Contrary to positional arguments, defaults values can be passed to
`def_node_matcher` and `def_node_search`:
[source,ruby]
----
def_node_matcher :interesting_call?, '(send _ %method ...)',
method: Set[:transform_values, :transform_keys,
:transform_values!, :transform_keys!,
:to_h].freeze
# Usage:
interesting_call?(node) # use the default methods
interesting_call?(node, method: /^transform/) # match anything starting with 'transform'
----
Named parameters as arguments to custom methods are also supported.
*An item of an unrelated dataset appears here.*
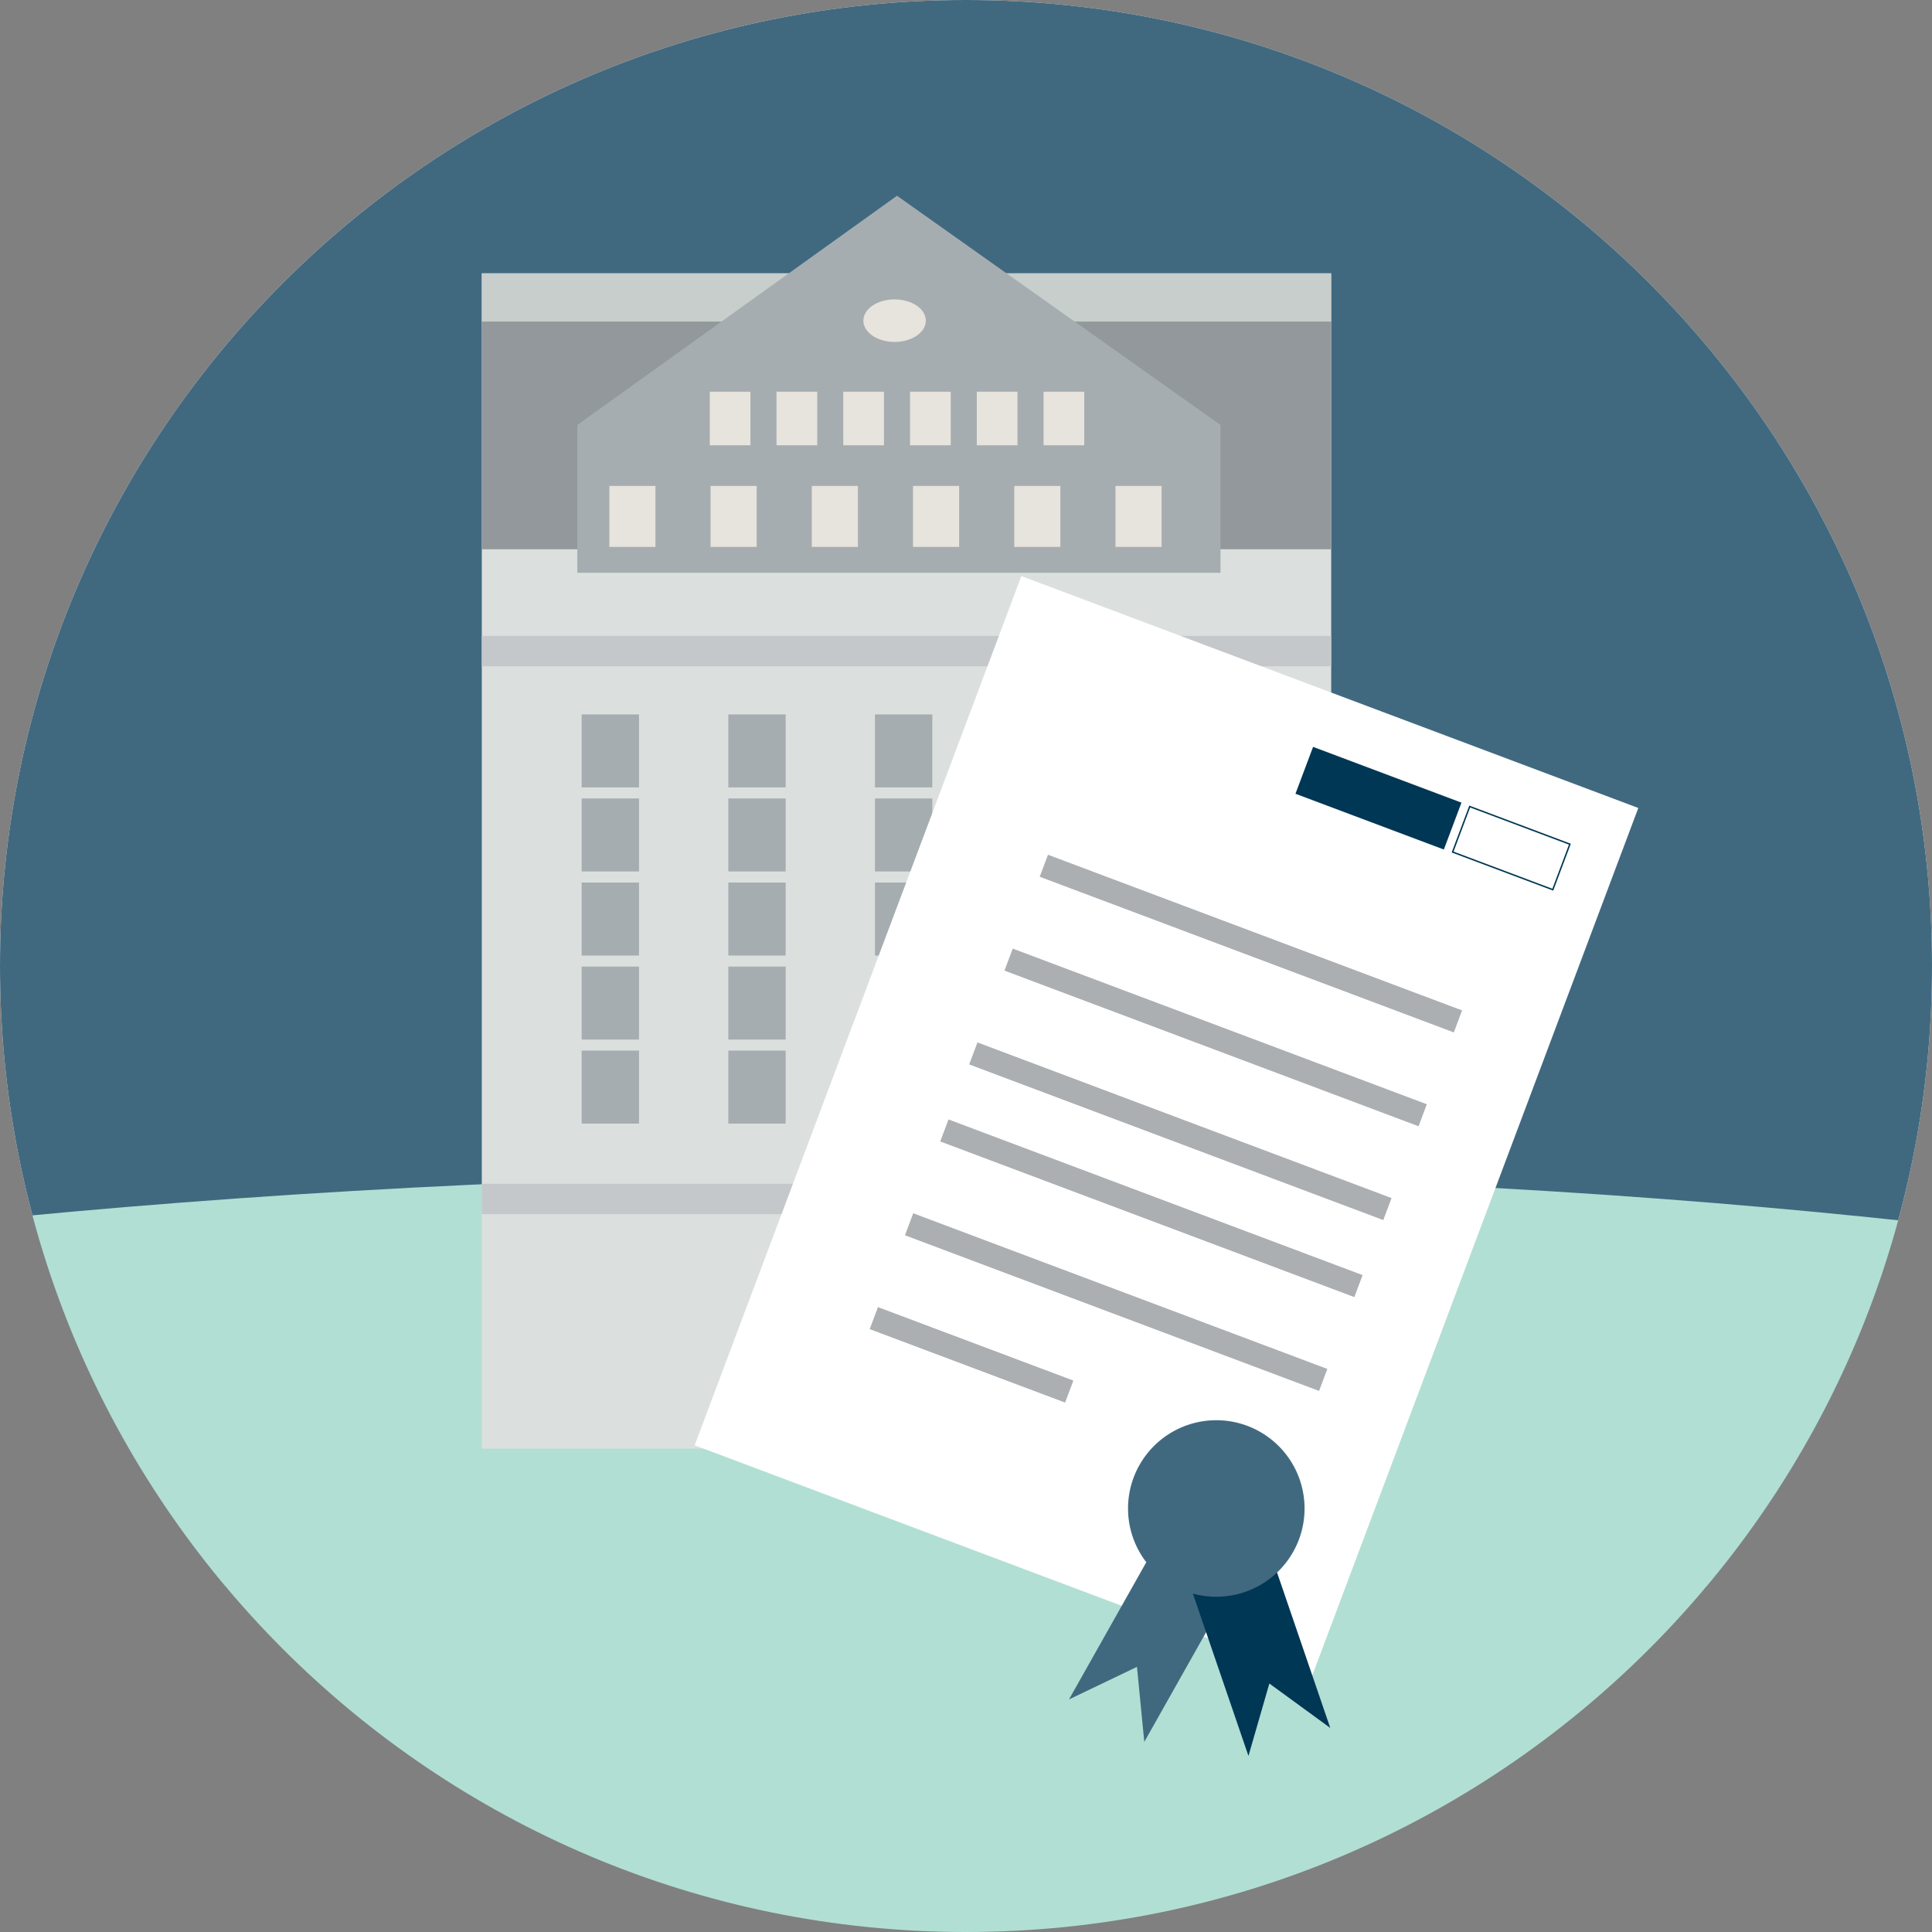 <svg viewBox="0 0 200 200" xmlns="http://www.w3.org/2000/svg" fill-rule="evenodd" clip-rule="evenodd" stroke-miterlimit="10"><rect x="0" y="0" width="200" height="200" fill="#808080" stroke="none"/><g transform="translate(-50 -123.094)"><clipPath id="a"><path d="M50 223.094c0 24.513 8.822 46.968 23.462 64.361h153.077C241.178 270.062 250 247.607 250 223.094c0-55.229-44.771-100-100-100-55.228 0-100 44.771-100 100z" clip-rule="nonzero"/></clipPath><g clip-path="url(#a)"><path fill="#fff" stroke="#406980" stroke-width=".3" d="M-99.551 79.129h486.154v214.836H-99.551z"/></g></g><g transform="translate(-50 -123.095)"><clipPath id="b"><path d="M50 223.095c0 55.228 44.772 100 100 100 55.229 0 100-44.772 100-100 0-55.229-44.771-100-100-100-55.228 0-100 44.771-100 100z" clip-rule="nonzero"/></clipPath><g clip-path="url(#b)"><path fill="none" stroke="#406980" stroke-width=".3" d="M-84.818 85.64h456.69v201.815h-456.69z"/></g></g><g transform="translate(-50 -123.83)"><clipPath id="c"><path d="M50 223.83c0 24.513 8.822 46.968 23.462 64.361h153.077C241.178 270.798 250 248.343 250 223.83c0-55.229-44.771-100-100-100-55.228 0-100 44.771-100 100z" clip-rule="nonzero"/></clipPath><g clip-path="url(#c)"><path fill="#406980" stroke="#406980" stroke-width=".3" d="M-131.197 69.809h595.171v234.212h-595.171z"/></g></g><g transform="translate(-50 -50)"><clipPath id="d"><path d="M50 150c0 55.228 44.772 100 100 100 55.229 0 100-44.772 100-100 0-55.229-44.771-100-100-100C94.772 50 50 94.771 50 150z" clip-rule="nonzero"/></clipPath><g clip-path="url(#d)"><path fill="none" stroke="#406980" stroke-width=".3" d="M-84.818 12.545h456.69V214.36h-456.69z"/><path d="M364.285 299.293H-79.281v-97.54s74.132-29.738 224.951-30.257c150.819-.518 218.615 30.257 218.615 30.257v97.54z" fill="#b2dfd3" fill-rule="nonzero"/><path fill="#dbe0de" d="M187.807 78.302H99.875v121.667h87.932z"/></g></g><g transform="translate(-50 -50)"><clipPath id="e"><path clip-rule="nonzero" d="M99.875 78.301h87.932v28.558H99.875z"/></clipPath><g clip-path="url(#e)"><g transform="translate(0 -131.295)"><clipPath id="f"><path clip-rule="nonzero" d="M99.875 209.597h87.932v121.667H99.875z"/></clipPath><g clip-path="url(#f)"><path fill="#93989c" d="M85.267 193.141h119.115v45.013H85.267z"/></g></g><path fill="#c7cecb" d="M80.007 64.345h117.579v18.946H80.007z"/></g></g><g transform="translate(-50 -50)"><clipPath id="g"><path clip-rule="nonzero" d="M99.875 78.302h87.932v121.667H99.875z"/></clipPath><g clip-path="url(#g)"><path fill="#c5c8cb" d="M192.527 115.827H97.283v3.146h95.244zM192.527 172.545H97.283v3.146h95.244z"/></g></g><g transform="translate(59.764 20.263)"><clipPath id="h"><path d="M-59.764 79.737c0 55.228 44.772 100 100 100 55.229 0 100-44.772 100-100 0-55.229-44.771-100-100-100-55.228 0-100 44.771-100 100z" clip-rule="nonzero"/></clipPath><g clip-path="url(#h)"><path d="M0 39.035h66.581V23.728L33.094 0 0 23.728v15.307z" fill="#a6adb0" fill-rule="nonzero"/></g></g><g transform="translate(-50 -50)"><clipPath id="i"><path d="M109.764 93.991v15.307h66.581V93.991l-33.488-23.728-33.093 23.728z" clip-rule="nonzero"/></clipPath><g clip-path="url(#i)"><path fill="#e7e3dd" d="M117.854 100.306h-4.775v6.314h4.775zM128.333 100.306h-4.775v6.314h4.775zM138.812 100.306h-4.776v6.314h4.776zM149.291 100.306h-4.775v6.314h4.775zM159.77 100.306h-4.775v6.314h4.775zM170.249 100.306h-4.776v6.314h4.776zM127.688 90.548h-4.214v5.548h4.214zM134.599 90.548h-4.215v5.548h4.215zM141.509 90.548h-4.214v5.548h4.214zM148.42 90.548h-4.214v5.548h4.214zM155.331 90.548h-4.214v5.548h4.214zM162.242 90.548h-4.214v5.548h4.214z"/></g></g><g transform="translate(-50 -50)"><clipPath id="j"><path d="M50 150c0 55.228 44.772 100 100 100 55.229 0 100-44.772 100-100 0-55.229-44.771-100-100-100C94.772 50 50 94.771 50 150z" clip-rule="nonzero"/></clipPath><g clip-path="url(#j)"><path fill="#a6adb0" d="M110.213 123.955h5.937v7.559h-5.937zM110.213 132.657h5.937v7.558h-5.937zM110.213 141.358h5.937v7.558h-5.937zM110.213 150.058h5.937v7.558h-5.937zM110.213 158.758h5.937v7.559h-5.937zM125.395 123.955h5.936v7.559h-5.936zM125.395 132.657h5.936v7.558h-5.936zM125.395 141.358h5.936v7.558h-5.936zM125.395 150.058h5.936v7.558h-5.936zM125.395 158.758h5.936v7.559h-5.936zM140.576 123.955h5.936v7.559h-5.936zM140.576 132.657h5.936v7.558h-5.936zM140.576 141.358h5.936v7.558h-5.936zM140.576 150.058h5.936v7.558h-5.936zM140.576 158.758h5.936v7.559h-5.936zM155.758 123.955h5.936v7.559h-5.936zM155.758 132.657h5.936v7.558h-5.936zM155.758 141.358h5.936v7.558h-5.936zM155.758 150.058h5.936v7.558h-5.936zM155.758 158.758h5.936v7.559h-5.936zM170.939 123.955h5.936v7.559h-5.936zM170.939 132.657h5.936v7.558h-5.936zM170.939 141.358h5.936v7.558h-5.936zM170.939 150.058h5.936v7.558h-5.936zM170.939 158.758h5.936v7.559h-5.936z"/><path d="M145.842 83.195c0-1.215-1.448-2.202-3.233-2.202-1.786 0-3.233.987-3.233 2.202 0 1.216 1.447 2.202 3.233 2.202 1.785 0 3.233-.986 3.233-2.202" fill="#e7e3dd" fill-rule="nonzero"/><path fill="#7f898b" d="M151.507 183.504h-17.48v19.538h17.48z"/><path fill="#fff" d="M155.732 109.637l-33.82 89.978 63.865 24.005 33.82-89.978z"/><path fill="#abafb2" d="M201.355 154.597l-42.867-16.113-.857 2.278 42.868 16.113zM197.704 164.311l-42.867-16.113-.857 2.279 42.868 16.113zM194.053 174.024l-42.867-16.113-.857 2.278 42.868 16.113zM191.056 181.998l-42.867-16.113-.857 2.278 42.868 16.113zM187.405 191.711l-42.867-16.113-.857 2.278 42.868 16.113zM161.115 192.916l-20.228-7.604-.856 2.279 20.228 7.604z"/><path fill="#003755" d="M201.291 133.09l-15.361-5.774-1.824 4.853 15.361 5.774z"/><path d="M202.1 133.395l-1.823 4.851 10.511 3.951 1.824-4.851-10.512-3.951zm.088.194l10.229 3.845-1.717 4.569-10.229-3.845 1.717-4.569z" fill="#003755" fill-rule="nonzero"/><path d="M168.457 230.322l-.759-7.768-7.038 3.373 9.417-16.709 7.798 4.395-9.418 16.709z" fill="#406980" fill-rule="nonzero"/><path d="M187.709 228.876l-6.306-4.599-2.163 7.498-6.213-18.146 8.469-2.899 6.213 18.146z" fill="#003755" fill-rule="nonzero"/><path d="M175.911 215.22c-4.996 0-9.062-4.065-9.062-9.062 0-4.996 4.066-9.061 9.062-9.061 4.996 0 9.061 4.065 9.061 9.061 0 4.997-4.065 9.062-9.061 9.062" fill="#406980" fill-rule="nonzero"/><path d="M175.91 197.021a9.137 9.137 0 10.002 18.274 9.137 9.137 0 00-.002-18.274m0 .15c4.955 0 8.986 4.032 8.986 8.987s-4.031 8.986-8.986 8.986c-4.954 0-8.985-4.031-8.985-8.986 0-4.955 4.031-8.987 8.985-8.987" fill="#406980" fill-rule="nonzero"/></g></g></svg>

== `CONST` or `%CONST` for constants
Constants can be included in patterns. They will be matched using `===`, so
+Regexp+ / +Set+ / +Proc+ can be used in addition to literals and +Nodes+:
[source,ruby]
----
SOME_CALLS = Set[:transform_values, :transform_keys,
:transform_values!, :transform_keys!,
:to_h].freeze
def_node_matcher :interesting_call?, '(send _ SOME_CALLS ...)'
----
Constants as arguments to custom methods are also supported.
== Comments
You may have comments in node patterns at the end of lines
by preceding them with `'# '`:
[source,ruby]
----
def_node_matcher :complex_stuff, <<~PATTERN
(send
{#global_const?(:Kernel) nil?} # check for explicit call like Kernel.p too
{:p :pp} # let's consider `pp` also
$... # capture all arguments
)
PATTERN
----
== `nil` or `nil?`
Take a special attention to nil behavior:
[source,sh]
----
$ ruby-parse -e 'nil'
(nil)
----
In this case, the `nil` implicit matches with expressions like: `nil`, `(nil)`, or `nil_type?`.
But, nil is also used to represent a call from `nothing` from a simple method call:
[source,sh]
----
$ ruby-parse -e 'method'
(send nil :method)
----
Then, for such case you can use the predicate `nil?`. And the code can be
matched with an expression like:
----
(send nil? :method)
----
== More resources
Curious about how it works?
Check more details in the
https://www.rubydoc.info/gems/rubocop-ast/RuboCop/AST/NodePattern[documentation]
or browse the https://github.com/rubocop/rubocop-ast/blob/master/lib/rubocop/ast/node_pattern.rb[source code]
directly. It's easy to read and hack on.
The https://github.com/rubocop/rubocop-ast/blob/master/spec/rubocop/ast/node_pattern_spec.rb[specs]
are also very useful to comprehend each feature.